By T.C. Mitchell, Anchorage Daily News
Monday, March 17th, 2008

A former Chugiak High School vice-principal was sentenced Friday morning for his role in operating a Valley poker room raided by Alaska state troopers in April 2007.

Superior Court Judge Eric Smith didn’t give James McDowell any jail time and said his record will be cleared if he doesn’t break the law for two years. He also fined McDowell $5,000.

That didn’t stop defense attorney Josh Fannon from having his say.

“This is the most overcharged, over-investigated, worthless case I’ve ever seen,” Fannon said in court. “After eight months of surveillance by many cops, 27 officers carrying machine guns and wearing ski masks” raided the place and “turned up nothing.”

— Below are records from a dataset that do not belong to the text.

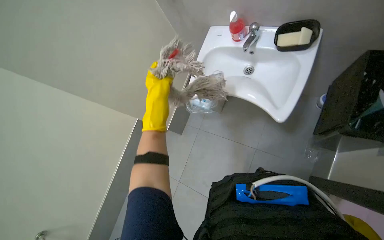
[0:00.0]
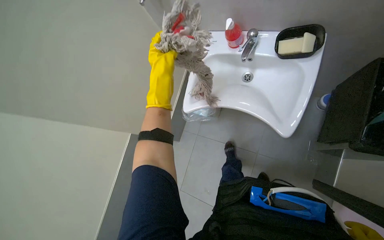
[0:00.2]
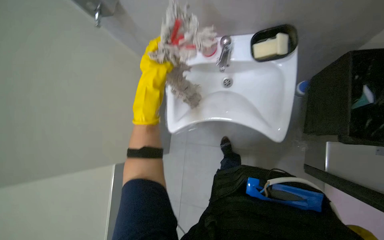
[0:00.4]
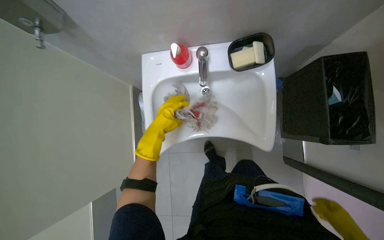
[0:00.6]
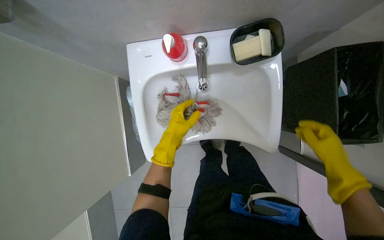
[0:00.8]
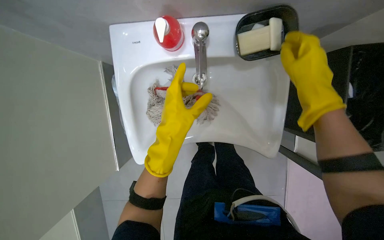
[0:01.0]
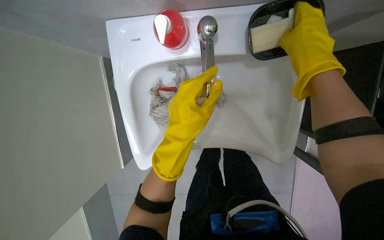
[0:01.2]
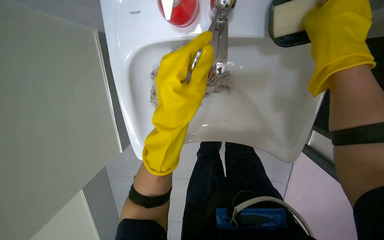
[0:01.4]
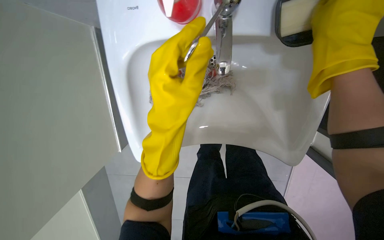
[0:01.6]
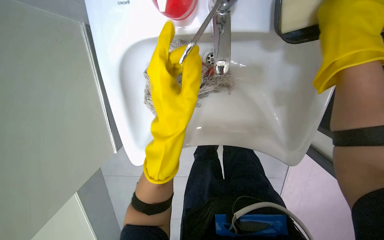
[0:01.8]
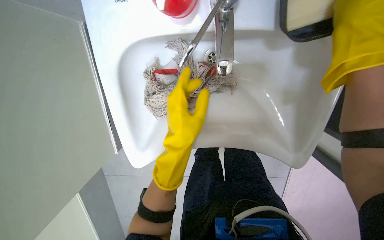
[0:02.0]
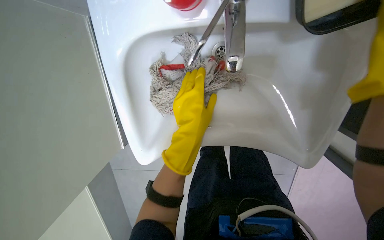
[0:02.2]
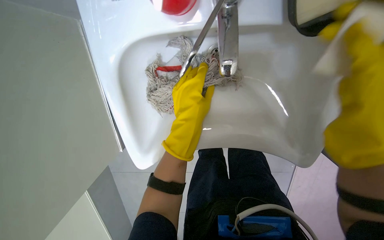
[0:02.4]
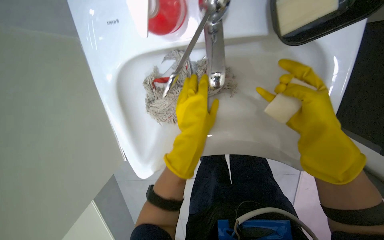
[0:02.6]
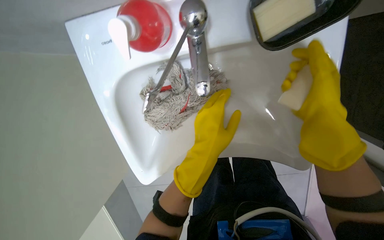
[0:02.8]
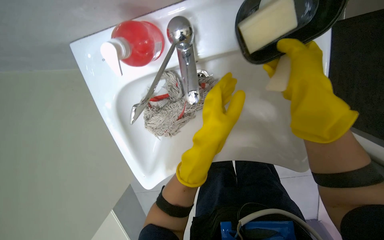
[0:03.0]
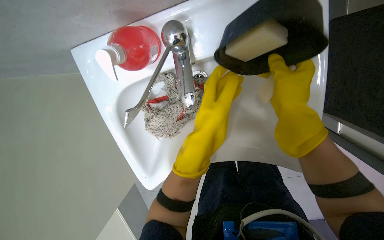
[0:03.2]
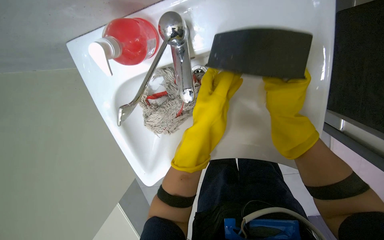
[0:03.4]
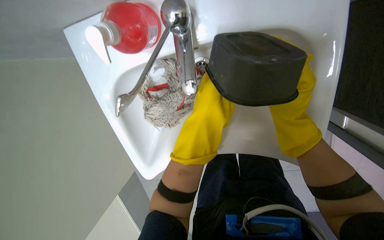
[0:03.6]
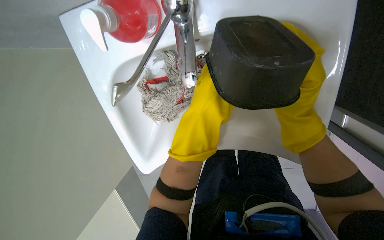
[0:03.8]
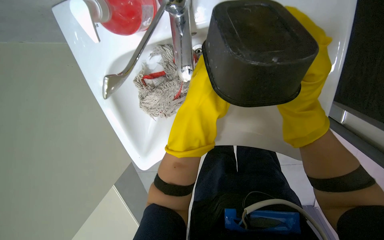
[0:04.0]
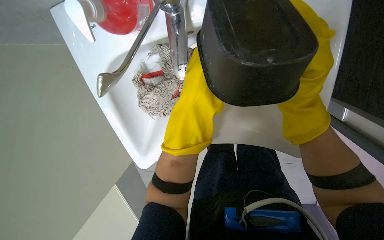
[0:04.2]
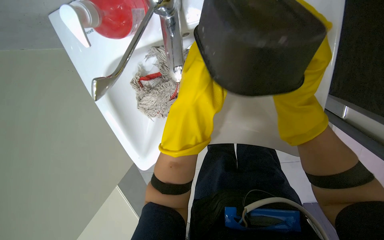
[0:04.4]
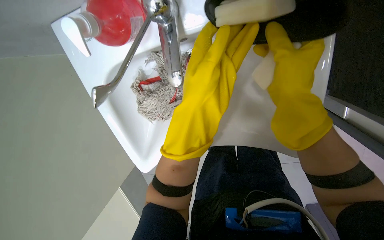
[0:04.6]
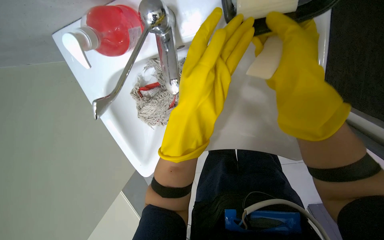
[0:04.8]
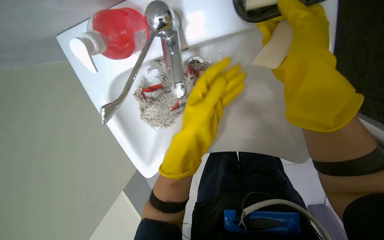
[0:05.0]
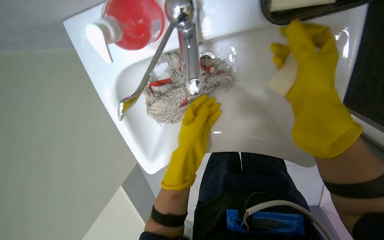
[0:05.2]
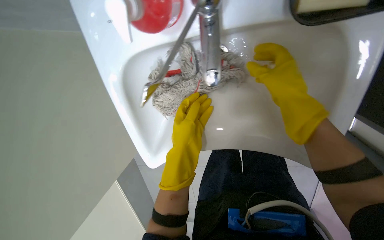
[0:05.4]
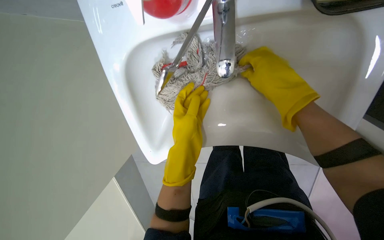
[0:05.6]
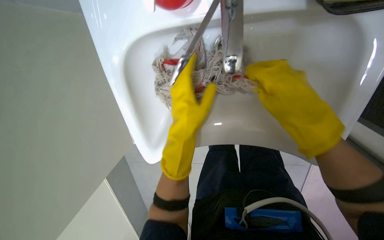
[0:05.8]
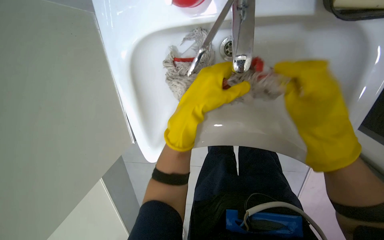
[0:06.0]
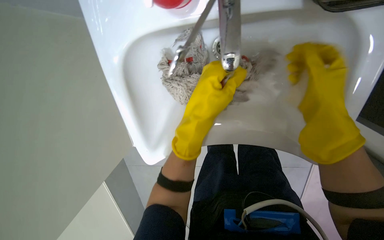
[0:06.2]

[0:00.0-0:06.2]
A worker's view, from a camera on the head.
Job: preparing cleaning supplies.
The whole recording: Cleaning mop head in sink. The worker cleans the mop head in the sink using soap and water.
0:00.0 to 0:01.6: The camera travels approximately 40 cm. The view swings roughly 15 degrees to the right. The view tips downward by about 15 degrees.
0:01.6 to 0:03.2: The left hand goes approximately 10 cm to the right.
0:03.2 to 0:04.6: The hands stay close to where they were, moving slightly.

Later, Fannon called the investigation a despicable waste of resources. He claimed lawyers, doctors and even cops played at the poker parlor on Bogard Road and were charged up to 5 percent of the take to “pay the mortgage and keep the lights on.”

Assistant district attorney Alison Collins offered no rebuttal in court to Fannon’s allegations and did not return a message left Friday afternoon.

During the raid, troopers reported finding more than $9,000 in cash, 14 poker tables, gambling ledgers and piles of chips. Eleven people were playing cards at the time.

McDowell was one of eight charged, most on misdemeanors, after the April 15 raid. Only Samuel Henry remains to be sentenced, on April 16. Henry is accused of running the games for McDowell, the owner of the property.

Unless Henry is jailed on a felony for promoting gambling, none will have been sentenced to time behind bars.